ATG at start looks for START codon, then (?: )*? repeats whatever is inside 0 or more times, but lazily (that’s the ? after *). This skips codons until the first (b/c lazy) of the next group. The next group is 3 string options covering the end codons. The [AGTC] repeating three times matches a codon, as each square bracket matches a single letter from inside it.
So actually, it could be even simpler: r"ATG(?:[AGTC]{3})*?T(AG|AA|GA)"
julia> f(R, sseq) = findnext(r"ATG(?:[AGTC][AGTC][AGTC])*?(TAG|TAA|TGA)",sseq,first(R)+3)
f (generic function with 2 methods)
julia> itr = Itr.takewhile(!isnothing, Itr.drop(iterated(f, -2:-2),1))
Base.Iterators.TakeWhile{Base.Iterators.Drop{IterTools.Iterated{UnitRange{Int64}, typeof(f)}}, Base.var"#97#98"{typeof(isnothing)}}(Base.var"#97#98"{typeof(isnothing)}(isnothing), Base.Iterators.Drop{IterTools.Iterated{UnitRange{Int64}, typeof(f)}}(IterTools.Iterated{UnitRange{Int64}, typeof(f)}(f, -2:-2), 1))
julia> @btime [R for R in itr];
50.600 μs (339 allocations: 11.77 KiB)
julia> function se(sseq)
eos=true
R=-2:0
v=UnitRange[]
while eos
R=f(R,sseq)
!isnothing(R) && push!(v,R)
eos = !isnothing(R)
end
v
end
se (generic function with 1 method)
julia> @btime se(sseq);
44.600 μs (173 allocations: 7.19 KiB)
julia> se(sseq)==[R for R in itr]
The main work is done by iterated which is IterTools.iterated and returns each iteration a function applied to the value of the last iteration. f is made to return the next match after the last match which is given as a parameter. This provides the series of matches.
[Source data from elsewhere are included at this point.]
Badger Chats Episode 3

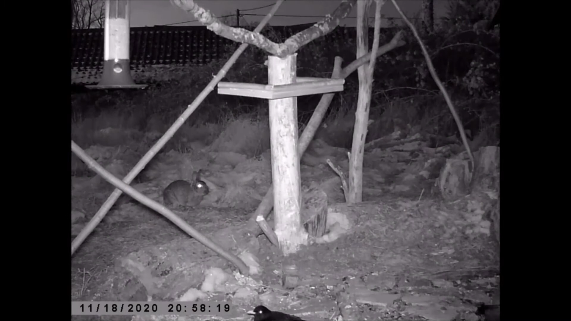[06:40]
Which is quite nice. Which is quite nice. And rabbit in the dark with blackbird. It's quite sweet. Yeah they don't seem too phased by each other. Eh maybe they're friends. Maybe. And then who's this? We've got both our badgers. They've come a long way to visit the bird table. They have.
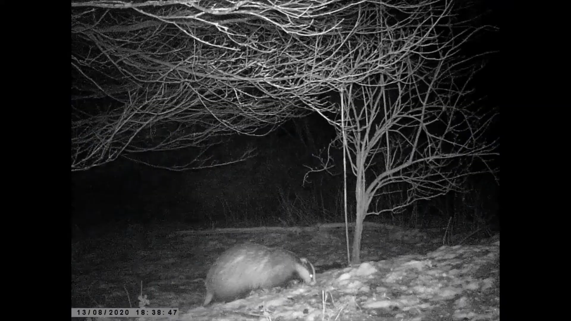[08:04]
You can see all the snow on his fur. It's all like bundled up. It's quite sweet. We hope you had fun in the snow. I wonder if any of you went out tracking for animals looking for their footprints. If you did, comment below. We want to know what you found.
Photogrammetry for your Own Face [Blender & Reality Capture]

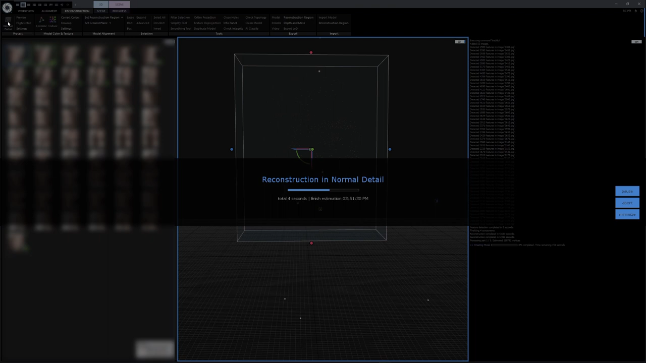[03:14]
Higher detail models, almost all of the time, have too many faces, so normally I just go with Normal Detail. And now you can see that half of my face got reconstructed. For a better result, I would go ahead and reshoot my video.
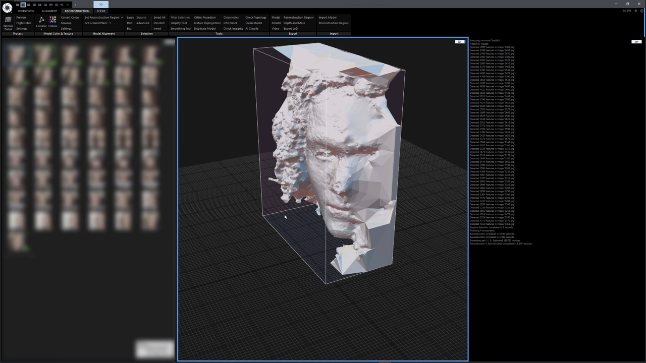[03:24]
But this will do just fine for this video.
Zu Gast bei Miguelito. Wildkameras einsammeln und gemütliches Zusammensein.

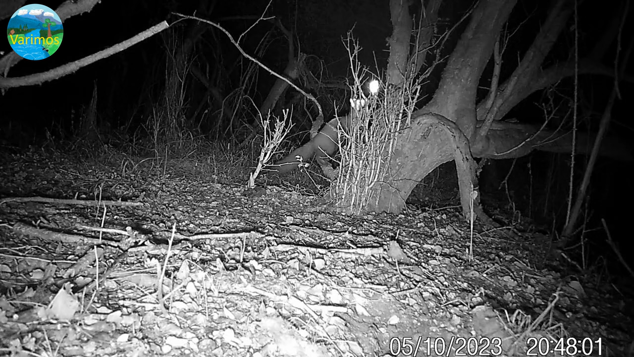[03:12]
Und deswegen, das ist immer das Schöne, ich postiere gern mehrere Kameras am gleichen Spot, um letztlich die Ereignisse aus verschiedenen Richtungen zu dokumentieren und einen anderen Gesamteindruck zu haben. Und ich mag auch die Lichteffekte. Hati mag das wiederum nicht, weil ihm das zu künstlich erscheint. Ja.

The edges of the iterator need to be fixed a bit, and takewhile makes sure the iteration stops at the first nothing result without returning it.
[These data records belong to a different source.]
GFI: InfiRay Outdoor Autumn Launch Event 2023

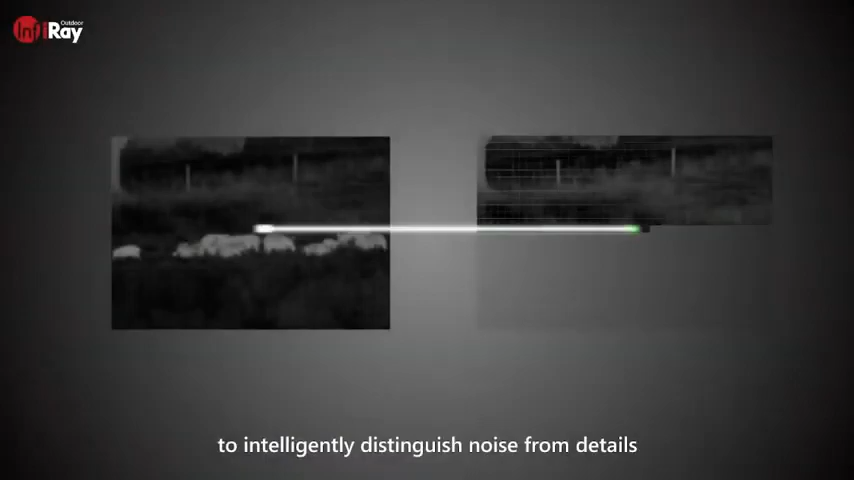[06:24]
intelligently distinguish noise from details, and then fuse these features together to reconstruct the image integrated with AI.
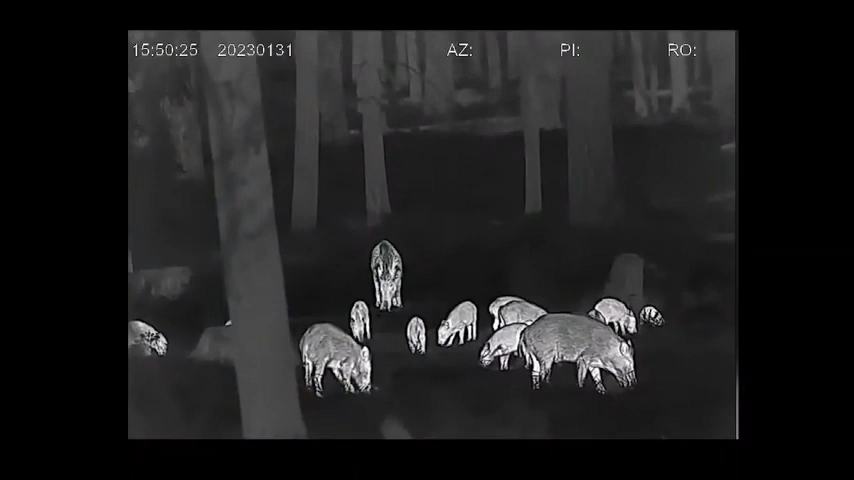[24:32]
And for sure, you can choose different possibilities of how the warm
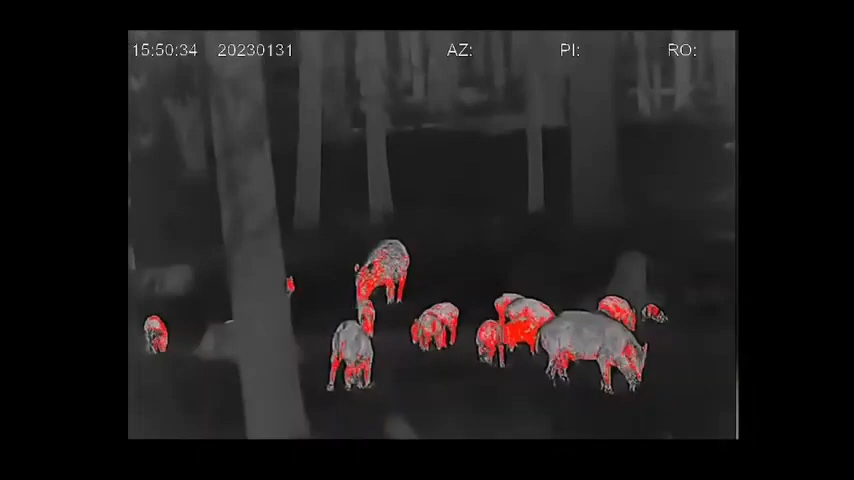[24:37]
part of game should be shown to you.
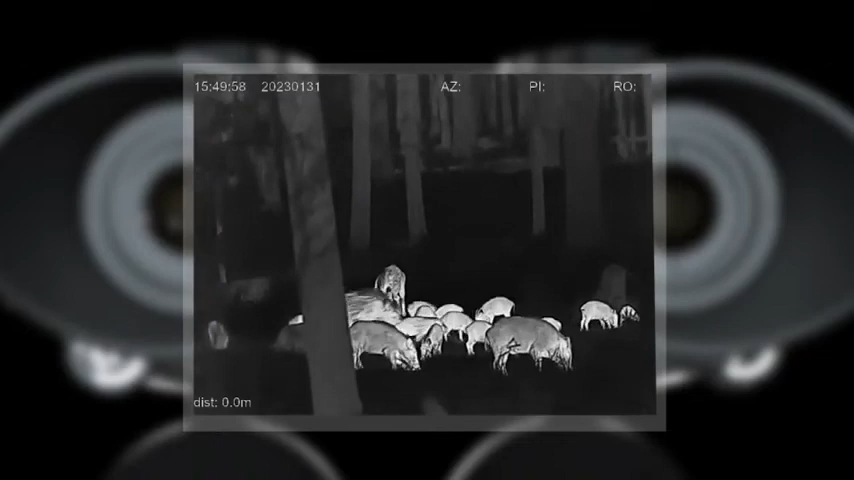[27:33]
So this is a short proof. This should show you, this is not a live view.
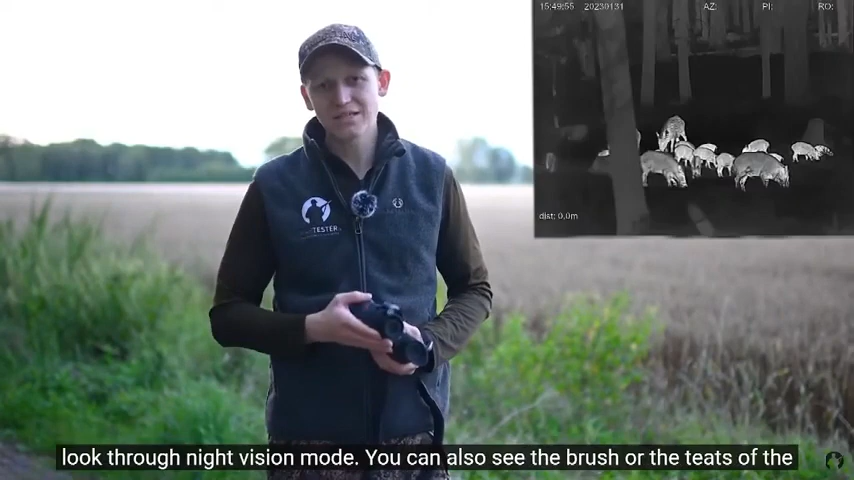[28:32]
Da könnt ihr ganz genau auch den Pinsel oder das Gesäuge sehen bei den Sauen. Und mit dem Wärmebildmodus könnt ihr halt detektieren, wo etwas steht und seht sofort das, was da ist.
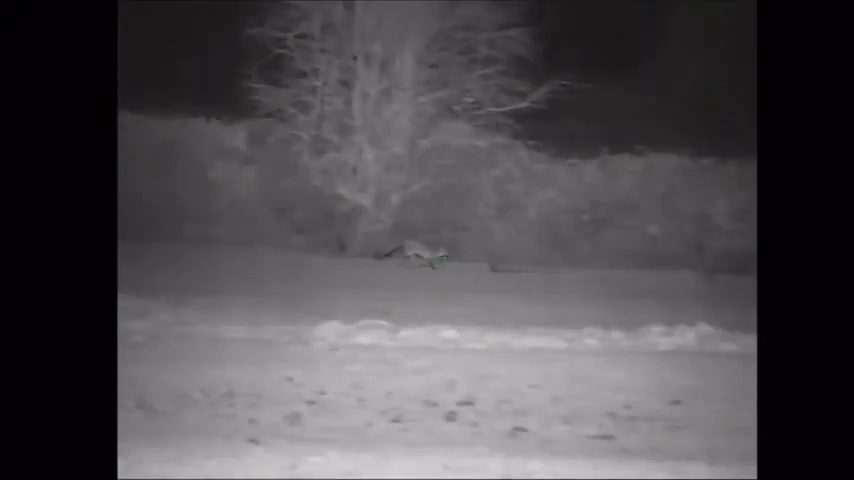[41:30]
I have a vast array of hunting experience using night vision products. Now, the UK hunting market aspires to have something with night vision of a high base magnification,
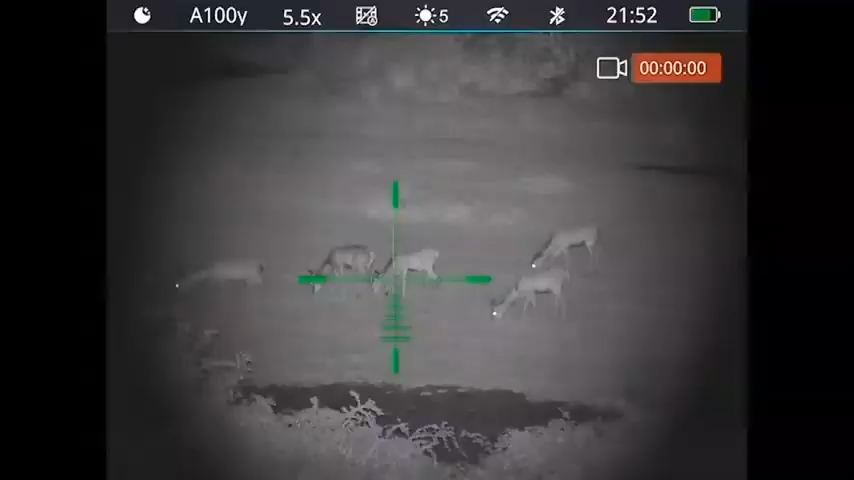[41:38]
and this delivers at
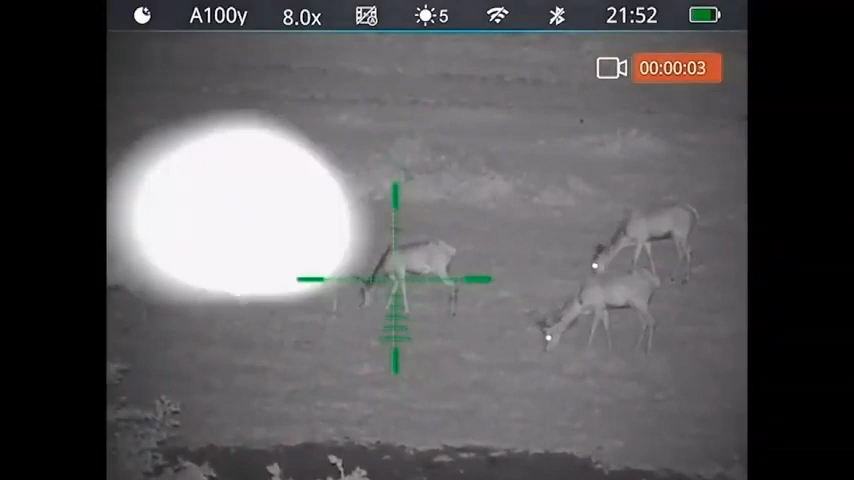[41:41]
5.5x22 full colour and night vision digital zoom.
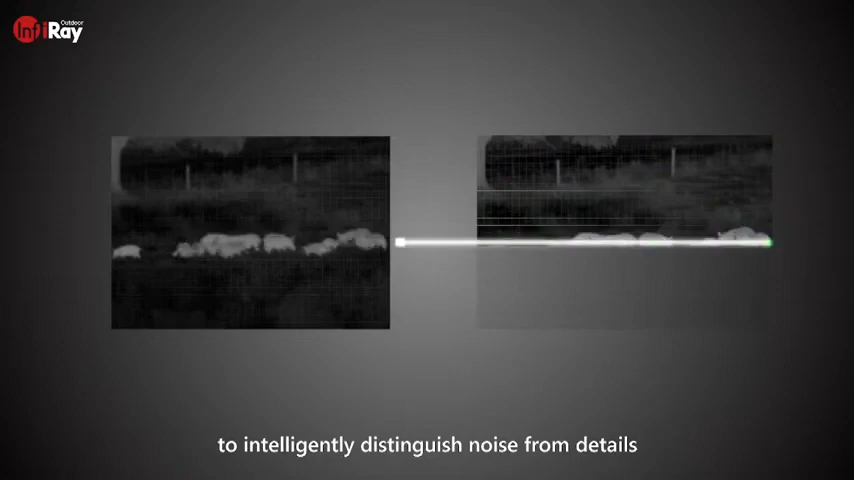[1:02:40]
from details and reduce the noise and interference in thermal images.
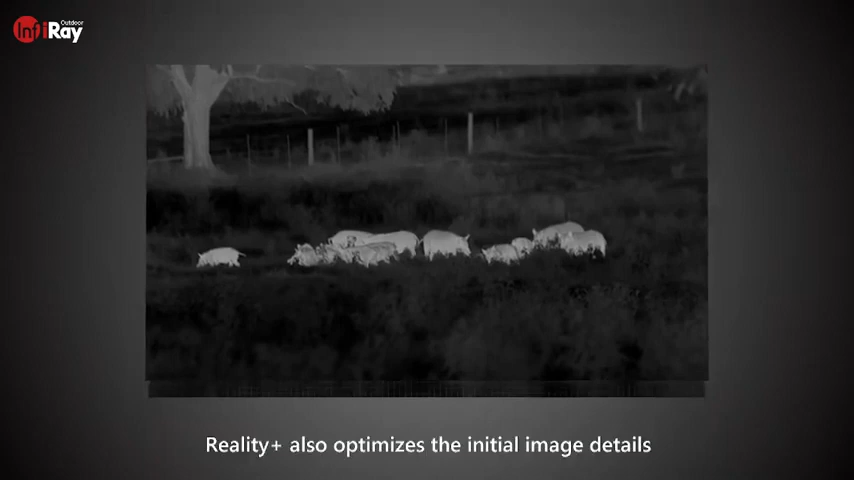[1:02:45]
Reality Plus also optimizes the initial image details and, compared with traditional technologies,
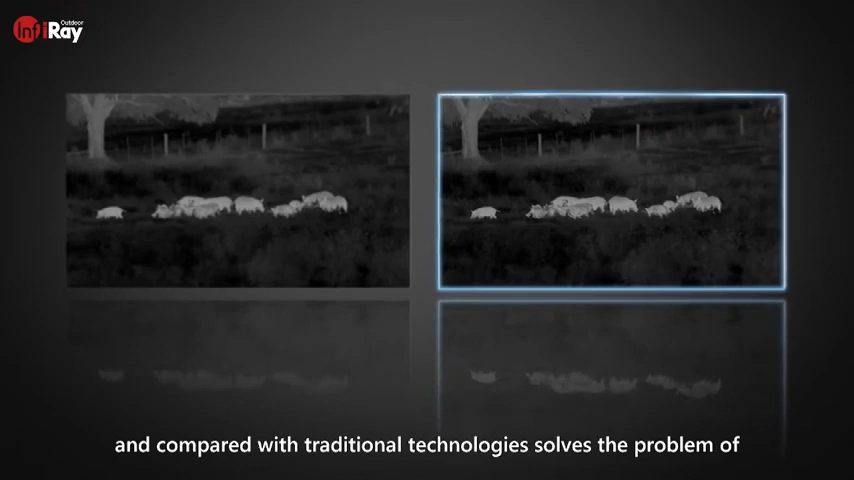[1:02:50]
solves the problem of high-frequency detail loss and image blurring caused by denoising integrated with AI.
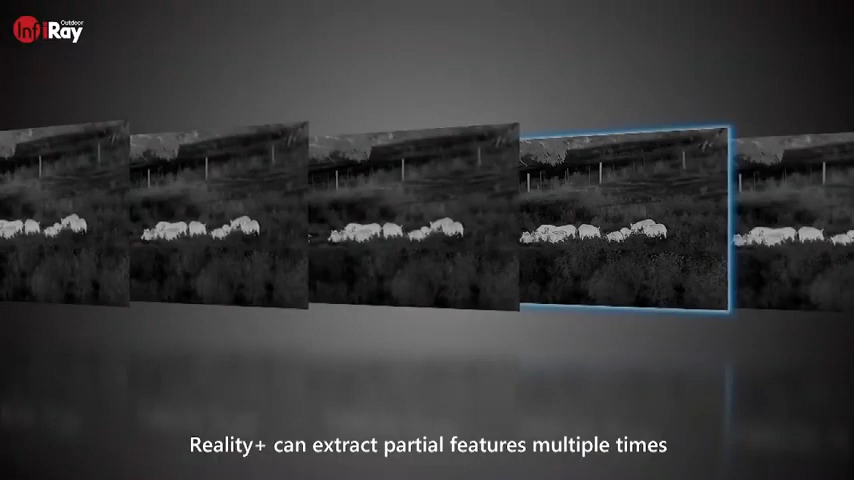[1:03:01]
Reality Plus can extract partial features multiple times across multiple layers and frames, and then fuse these features together to reconstruct the image.
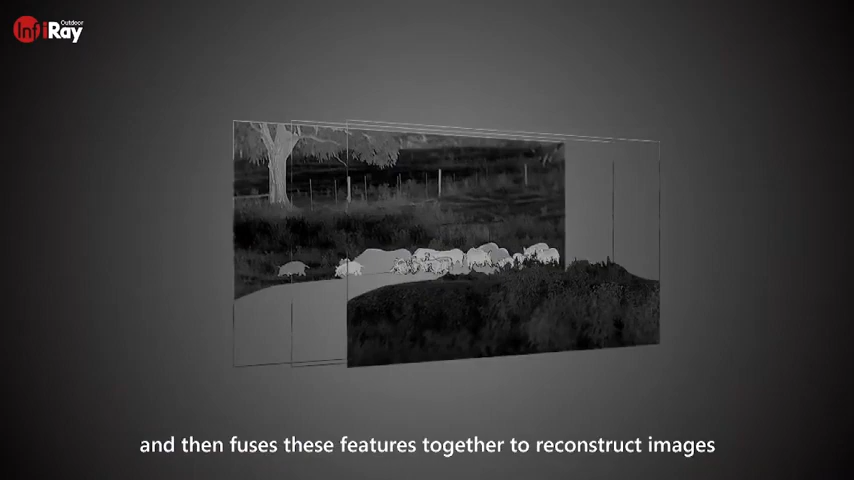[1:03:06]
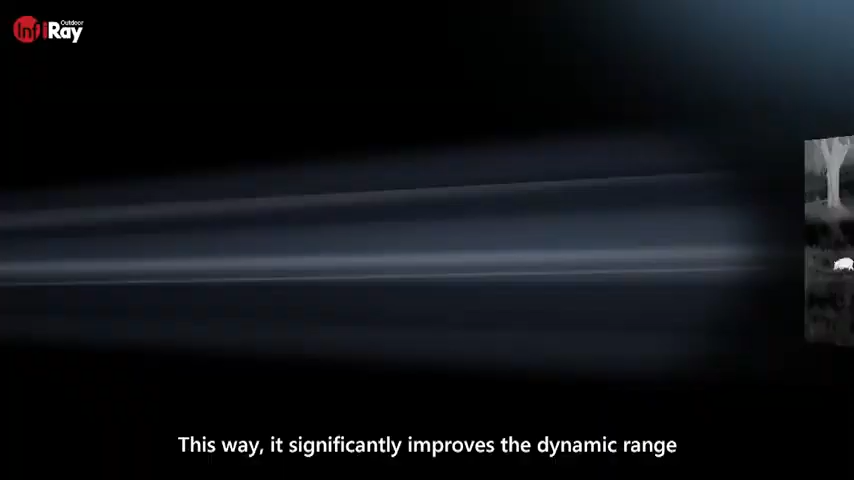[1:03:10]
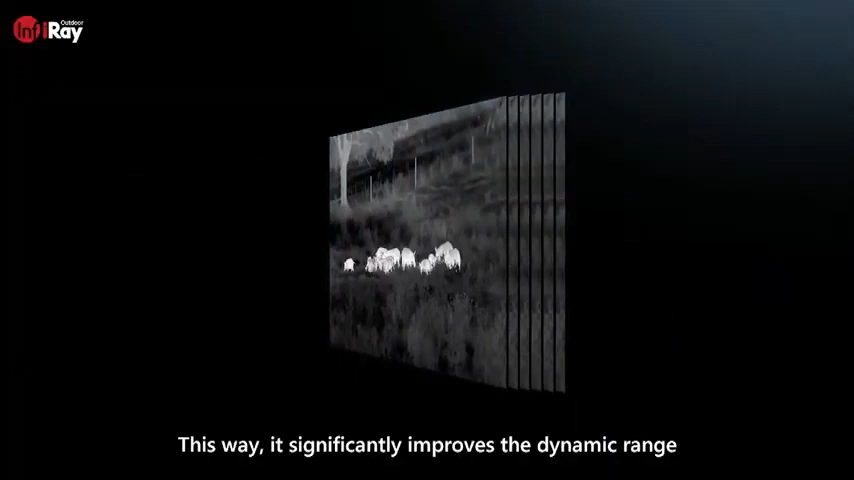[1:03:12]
This way, it significantly improves the dynamic range and resolution of thermal images, making images more realistic, smoother, and more vivid.
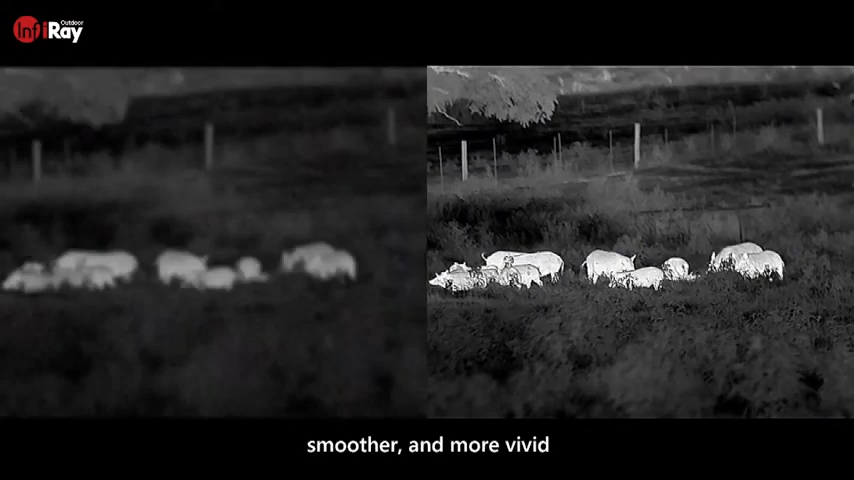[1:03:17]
This is Reality Plus, a technology that deeply integrates AI image processing.

The drop(.., 1) gets rid of the initial condition used to start searching for the first match.
That’s about it.
the -2:-2 got me thinking too. In fact what matters is the first -2. The range could be anything of the type -2: Int.
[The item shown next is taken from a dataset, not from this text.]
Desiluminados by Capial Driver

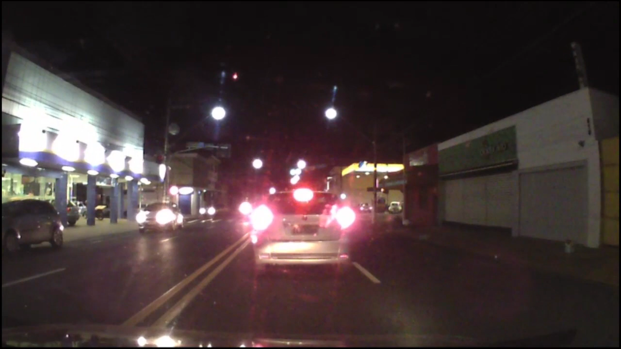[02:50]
Ah, mas esse daí tá normal. Surprise, motherfucker! Só que não. Tinha que ser um Mileto. E o escuro é uma beleza você ver quando a luz tá queimada. Às vezes até confunde com moto.
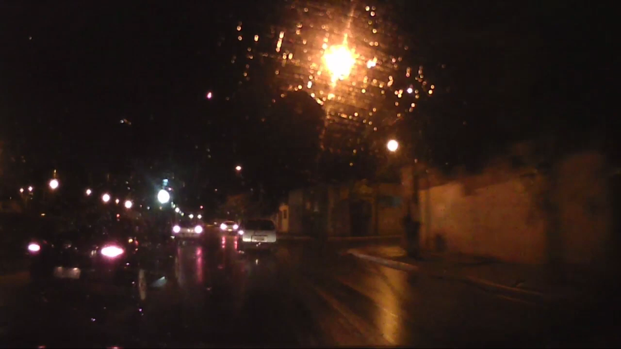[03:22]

To remove this intruder and also drop the the drop function, a scheme of the following type could be used which perhaps (IMO) makes this beautiful solution even more elegant.
In the first function, the Generator was adding extra STOP codons (don’t really know why), so with the extra condition of hasprematurestop that was fixed, yet it meant extra performance cost.
Note that I also think that the finder is more exhaustive if it just adds 1 to the next search instead of 3, and you might have noticed that I’m using findfirst instead of findnext but the biore"" does not have a defined findnext method, yet the findfirst is doing the job.
And when it comes to collect a huge 100Mb seq it is fast and quite efficient!